Specialization helps fuel the communal vibe. One roaster is a fireman who only sells to firehouses. One sells to faith-based groups. Another sells to organic wholesalers.
“There’s so many ways to sell coffee,” Andrews says. “Part of the culture we’ve created here is that it’s not cutthroat. It’s a culture of support.”
Filmmaker Lobsang Thinley came to the United States from Tibet in 2010. He took a roasting class at CoRo and now owns Berkeley’s Higher Land Coffee. He targets events like the Northern California Cherry Blossom Festival and the Himalayan Fair in Berkeley.
“Higher Land” has multiple meanings, Thinley explains. One refers to the high elevations where his beans grow. Lower oxygen levels stress beans in a way that makes them sweeter. Today he and his wife, Sabrina Zheng, are roasting beans from India.
“I can’t afford to have a big roaster and, thankfully, I found CoRo,” says Thinley, pouring beans into a machine taller than him. “Here we meet people; we talk to people. I’m learning about the history of the coffee. We try to get coffee from small farmers. We want to connect with them.”
Jasmine Reynolds and Shante Robinson of Alchemy Collective talk about the roast of the day at CoRo. Photo: Pete Rosos
CoRo’s affiliates import their beans through the Port of Oakland. With larger quantities stored near the port, beans get delivered to each brand’s dedicated space at CoRo. Each comes in to roast about once a week.
“Our weather and our port make this a great importing spot,” Andrews says. “We have access to a huge amount of green coffee beans. We have different sized roasters. If you’re a little company, you start with the little roaster and, as you grow, you can go to the bigger roaster.”
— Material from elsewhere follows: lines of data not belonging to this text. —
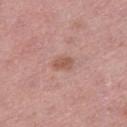No biopsy was performed on this lesion — it was imaged during a full skin examination and was not determined to be concerning.
The lesion is located on the right thigh.
The subject is a female aged approximately 45.
Captured under white-light illumination.
A region of skin cropped from a whole-body photographic capture, roughly 15 mm wide.
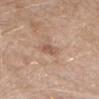Imaged with white-light lighting.
The subject is a female aged approximately 40.
The lesion is on the head or neck.
Automated image analysis of the tile measured a lesion area of about 3.5 mm², an eccentricity of roughly 0.7, and two-axis asymmetry of about 0.2. The software also gave a mean CIELAB color near L≈56 a*≈18 b*≈28 and about 9 CIELAB-L* units darker than the surrounding skin. It also reported a border-irregularity index near 2/10, internal color variation of about 1.5 on a 0–10 scale, and radial color variation of about 0.5.
A roughly 15 mm field-of-view crop from a total-body skin photograph.
Measured at roughly 2.5 mm in maximum diameter.
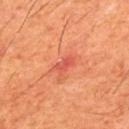This lesion was catalogued during total-body skin photography and was not selected for biopsy. This is a cross-polarized tile. A male subject about 60 years old. The lesion is located on the back. Automated tile analysis of the lesion measured an area of roughly 3.5 mm², an outline eccentricity of about 0.85 (0 = round, 1 = elongated), and a shape-asymmetry score of about 0.25 (0 = symmetric). The analysis additionally found a lesion color around L≈53 a*≈37 b*≈35 in CIELAB, roughly 8 lightness units darker than nearby skin, and a lesion-to-skin contrast of about 5.5 (normalized; higher = more distinct). And it measured a classifier nevus-likeness of about 0/100 and a detector confidence of about 100 out of 100 that the crop contains a lesion. A 15 mm close-up extracted from a 3D total-body photography capture. The recorded lesion diameter is about 2.5 mm.
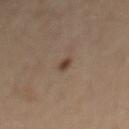<record>
<biopsy_status>not biopsied; imaged during a skin examination</biopsy_status>
<image>
  <source>total-body photography crop</source>
  <field_of_view_mm>15</field_of_view_mm>
</image>
<site>mid back</site>
<lighting>cross-polarized</lighting>
<patient>
  <sex>male</sex>
  <age_approx>55</age_approx>
</patient>
</record>
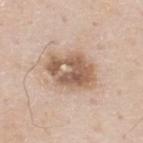No biopsy was performed on this lesion — it was imaged during a full skin examination and was not determined to be concerning. Imaged with white-light lighting. An algorithmic analysis of the crop reported an outline eccentricity of about 0.75 (0 = round, 1 = elongated) and two-axis asymmetry of about 0.2. It also reported a lesion color around L≈59 a*≈17 b*≈29 in CIELAB, a lesion–skin lightness drop of about 13, and a lesion-to-skin contrast of about 8.5 (normalized; higher = more distinct). The software also gave radial color variation of about 3.5. On the upper back. A close-up tile cropped from a whole-body skin photograph, about 15 mm across. The recorded lesion diameter is about 5.5 mm. A male patient aged 78 to 82.
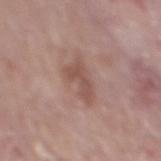Imaged during a routine full-body skin examination; the lesion was not biopsied and no histopathology is available.
A male subject, approximately 70 years of age.
Cropped from a total-body skin-imaging series; the visible field is about 15 mm.
On the mid back.
Automated image analysis of the tile measured border irregularity of about 5 on a 0–10 scale, internal color variation of about 2 on a 0–10 scale, and peripheral color asymmetry of about 0.5. It also reported an automated nevus-likeness rating near 0 out of 100 and a detector confidence of about 100 out of 100 that the crop contains a lesion.
Approximately 4.5 mm at its widest.
Imaged with white-light lighting.
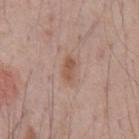Image and clinical context:
The patient is a male aged 68–72. The total-body-photography lesion software estimated a footprint of about 3.5 mm², an eccentricity of roughly 0.9, and two-axis asymmetry of about 0.25. The software also gave a border-irregularity index near 3/10, internal color variation of about 2 on a 0–10 scale, and radial color variation of about 1. Captured under white-light illumination. A 15 mm crop from a total-body photograph taken for skin-cancer surveillance. Measured at roughly 3 mm in maximum diameter. On the chest.
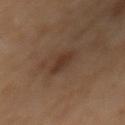biopsy_status: not biopsied; imaged during a skin examination
patient:
  sex: female
  age_approx: 50
lighting: cross-polarized
automated_metrics:
  cielab_L: 33
  cielab_a: 17
  cielab_b: 26
  vs_skin_darker_L: 8.0
  vs_skin_contrast_norm: 7.5
  nevus_likeness_0_100: 70
  lesion_detection_confidence_0_100: 100
site: mid back
image:
  source: total-body photography crop
  field_of_view_mm: 15
lesion_size:
  long_diameter_mm_approx: 4.5
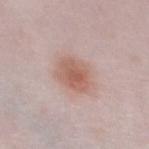  biopsy_status: not biopsied; imaged during a skin examination
  patient:
    sex: female
    age_approx: 65
  lighting: white-light
  image:
    source: total-body photography crop
    field_of_view_mm: 15
  site: chest
  automated_metrics:
    area_mm2_approx: 11.0
    eccentricity: 0.4
    shape_asymmetry: 0.15
    cielab_L: 59
    cielab_a: 20
    cielab_b: 26
    vs_skin_darker_L: 10.0
    vs_skin_contrast_norm: 7.5
    border_irregularity_0_10: 2.0
  lesion_size:
    long_diameter_mm_approx: 4.0
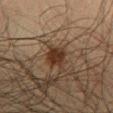Q: Was a biopsy performed?
A: no biopsy performed (imaged during a skin exam)
Q: What is the imaging modality?
A: ~15 mm crop, total-body skin-cancer survey
Q: What lighting was used for the tile?
A: cross-polarized illumination
Q: What is the anatomic site?
A: the chest
Q: Who is the patient?
A: male, approximately 30 years of age
Q: What is the lesion's diameter?
A: ≈3 mm
Q: Automated lesion metrics?
A: an automated nevus-likeness rating near 95 out of 100 and a lesion-detection confidence of about 100/100
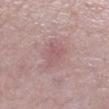biopsy_status: not biopsied; imaged during a skin examination
lesion_size:
  long_diameter_mm_approx: 3.0
image:
  source: total-body photography crop
  field_of_view_mm: 15
site: leg
lighting: white-light
automated_metrics:
  area_mm2_approx: 5.5
  eccentricity: 0.7
  nevus_likeness_0_100: 5
  lesion_detection_confidence_0_100: 100
patient:
  sex: female
  age_approx: 60
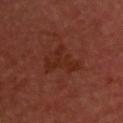Findings:
– biopsy status · no biopsy performed (imaged during a skin exam)
– image source · total-body-photography crop, ~15 mm field of view
– site · the upper back
– patient · male, approximately 50 years of age
– tile lighting · cross-polarized
– lesion size · ≈5 mm
– image-analysis metrics · internal color variation of about 2 on a 0–10 scale and peripheral color asymmetry of about 0.5; a classifier nevus-likeness of about 0/100 and a detector confidence of about 100 out of 100 that the crop contains a lesion
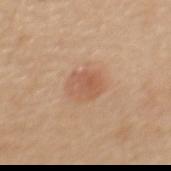The lesion was photographed on a routine skin check and not biopsied; there is no pathology result. The patient is a female approximately 55 years of age. The lesion is on the upper back. Measured at roughly 4 mm in maximum diameter. The tile uses white-light illumination. The total-body-photography lesion software estimated an outline eccentricity of about 0.6 (0 = round, 1 = elongated). And it measured border irregularity of about 1.5 on a 0–10 scale and a color-variation rating of about 3.5/10. And it measured a lesion-detection confidence of about 100/100. Cropped from a total-body skin-imaging series; the visible field is about 15 mm.
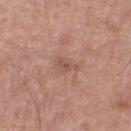The lesion was photographed on a routine skin check and not biopsied; there is no pathology result.
The recorded lesion diameter is about 2.5 mm.
This is a white-light tile.
A male patient, aged approximately 60.
Located on the right lower leg.
A region of skin cropped from a whole-body photographic capture, roughly 15 mm wide.
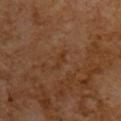Notes:
* follow-up: catalogued during a skin exam; not biopsied
* acquisition: total-body-photography crop, ~15 mm field of view
* subject: male, aged approximately 60
* body site: the upper back
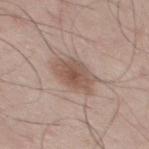Impression:
Part of a total-body skin-imaging series; this lesion was reviewed on a skin check and was not flagged for biopsy.
Clinical summary:
Measured at roughly 4.5 mm in maximum diameter. Cropped from a whole-body photographic skin survey; the tile spans about 15 mm. Automated image analysis of the tile measured a border-irregularity rating of about 2/10, a within-lesion color-variation index near 3.5/10, and radial color variation of about 1. Captured under white-light illumination. The patient is a male roughly 45 years of age. On the mid back.
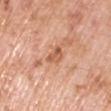Imaged during a routine full-body skin examination; the lesion was not biopsied and no histopathology is available.
The subject is a male aged 58–62.
A close-up tile cropped from a whole-body skin photograph, about 15 mm across.
This is a white-light tile.
Approximately 3 mm at its widest.
Automated image analysis of the tile measured a lesion color around L≈58 a*≈26 b*≈34 in CIELAB, about 10 CIELAB-L* units darker than the surrounding skin, and a normalized lesion–skin contrast near 6.5. The software also gave border irregularity of about 4 on a 0–10 scale.
Located on the right upper arm.
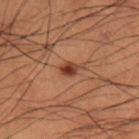follow-up=no biopsy performed (imaged during a skin exam); lighting=cross-polarized; location=the right lower leg; acquisition=~15 mm crop, total-body skin-cancer survey; patient=male, roughly 50 years of age.
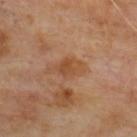The lesion was tiled from a total-body skin photograph and was not biopsied.
This is a cross-polarized tile.
Automated tile analysis of the lesion measured a lesion color around L≈46 a*≈21 b*≈34 in CIELAB, about 7 CIELAB-L* units darker than the surrounding skin, and a lesion-to-skin contrast of about 6 (normalized; higher = more distinct). The analysis additionally found an automated nevus-likeness rating near 0 out of 100.
A male patient, aged 63 to 67.
A lesion tile, about 15 mm wide, cut from a 3D total-body photograph.
On the upper back.
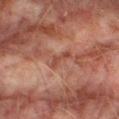{"biopsy_status": "not biopsied; imaged during a skin examination", "patient": {"sex": "male", "age_approx": 75}, "lighting": "cross-polarized", "automated_metrics": {"area_mm2_approx": 3.0, "eccentricity": 0.95, "shape_asymmetry": 0.55, "cielab_L": 38, "cielab_a": 22, "cielab_b": 25, "vs_skin_darker_L": 6.0, "vs_skin_contrast_norm": 6.0, "nevus_likeness_0_100": 0}, "lesion_size": {"long_diameter_mm_approx": 3.5}, "site": "right thigh", "image": {"source": "total-body photography crop", "field_of_view_mm": 15}}
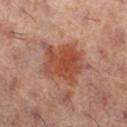biopsy status = no biopsy performed (imaged during a skin exam); acquisition = 15 mm crop, total-body photography; size = ~6.5 mm (longest diameter); site = the leg; lighting = cross-polarized illumination; patient = female, aged around 60.
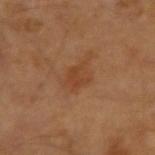automated_metrics:
  area_mm2_approx: 5.0
  eccentricity: 0.6
  shape_asymmetry: 0.25
  border_irregularity_0_10: 3.0
  color_variation_0_10: 2.5
  peripheral_color_asymmetry: 1.0
site: left arm
patient:
  sex: male
  age_approx: 65
image:
  source: total-body photography crop
  field_of_view_mm: 15
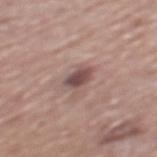Findings:
- notes: catalogued during a skin exam; not biopsied
- lesion size: ≈3 mm
- location: the mid back
- patient: male, roughly 75 years of age
- imaging modality: 15 mm crop, total-body photography
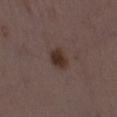Part of a total-body skin-imaging series; this lesion was reviewed on a skin check and was not flagged for biopsy. Captured under white-light illumination. An algorithmic analysis of the crop reported an outline eccentricity of about 0.7 (0 = round, 1 = elongated) and two-axis asymmetry of about 0.2. The software also gave roughly 9 lightness units darker than nearby skin. And it measured a classifier nevus-likeness of about 100/100 and a lesion-detection confidence of about 100/100. Approximately 3 mm at its widest. A 15 mm crop from a total-body photograph taken for skin-cancer surveillance. The lesion is on the right thigh. A female patient, roughly 35 years of age.
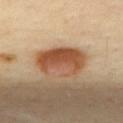Assessment: No biopsy was performed on this lesion — it was imaged during a full skin examination and was not determined to be concerning. Acquisition and patient details: The lesion is on the upper back. A female patient aged approximately 40. A region of skin cropped from a whole-body photographic capture, roughly 15 mm wide.
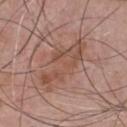biopsy status: imaged on a skin check; not biopsied | subject: male, aged 53–57 | acquisition: ~15 mm crop, total-body skin-cancer survey | automated metrics: a footprint of about 14 mm², a shape eccentricity near 0.95, and a shape-asymmetry score of about 0.4 (0 = symmetric); a lesion color around L≈50 a*≈21 b*≈27 in CIELAB, roughly 8 lightness units darker than nearby skin, and a normalized border contrast of about 6.5; internal color variation of about 4.5 on a 0–10 scale and a peripheral color-asymmetry measure near 1.5; an automated nevus-likeness rating near 15 out of 100 and lesion-presence confidence of about 95/100 | site: the chest | lesion size: ≈7.5 mm.

Kiana Cruz from Progeny Coffee smells the roast. Photo: Pete Rosos
The equipment is environmentally friendly. An air scrubber condenses smoke from roasting with water. “We’re one of the first to use the technology for coffee roasting,” says Andrews.
The operation opened its coffee shop about a year ago. Today, nearly every table is occupied by people and devices. The café, with skylights and a splash of 1920s industrial style, was designed by architect Rick Irving, known for his restaurant design. They sell four brands every quarter, rotating between their member roasters.
“People seek us out for that,” says Andrews. “They love switching brands and having different choices. It’s super high-quality beans.”
Because coffee is, by nature, an international industry, CoRo has its collective eye on climate change and working conditions in coffee-growing nations. CoRo will host a fundraiser for women coffee producers in Honduras, from 5:30-9 p.m. Oct. 1 at its headquarters, at 2322 Fifth Street in Berkeley. Every dollar raised will be matched with $1.50 from Rotary International, to provide microloans for on-the-ground business training and oversight from local finance professionals, helping give women a voice in their communities. The event will feature drinks, food, games, and music.
With its innovative approach, CoRo is deeply tied into Berkeley’s supportive business networks. Andrews is an active advisor to the Women Entrepreneurs of Berkeley, a group started by Berkeley’s Office of Economic Development (OED) to help local female entrepreneurs connect, learn and lead. The group is now a network within the Berkeley Chamber of Commerce.
CoRo was featured as Berkeley’s 2018 “Manufacturer of the Year” in the Bay Area Urban Manufacturing Initiative’s Manufacturing the Dream campaign, which captures the unique stories of people who work in the Bay Area’s 7,500 manufacturing companies. To celebrate National Manufacturing Day (Oct. 4), OED will host public tours of CoRo roastery and tasting room – among other Berkeley manufacturing facilities – the first week of October.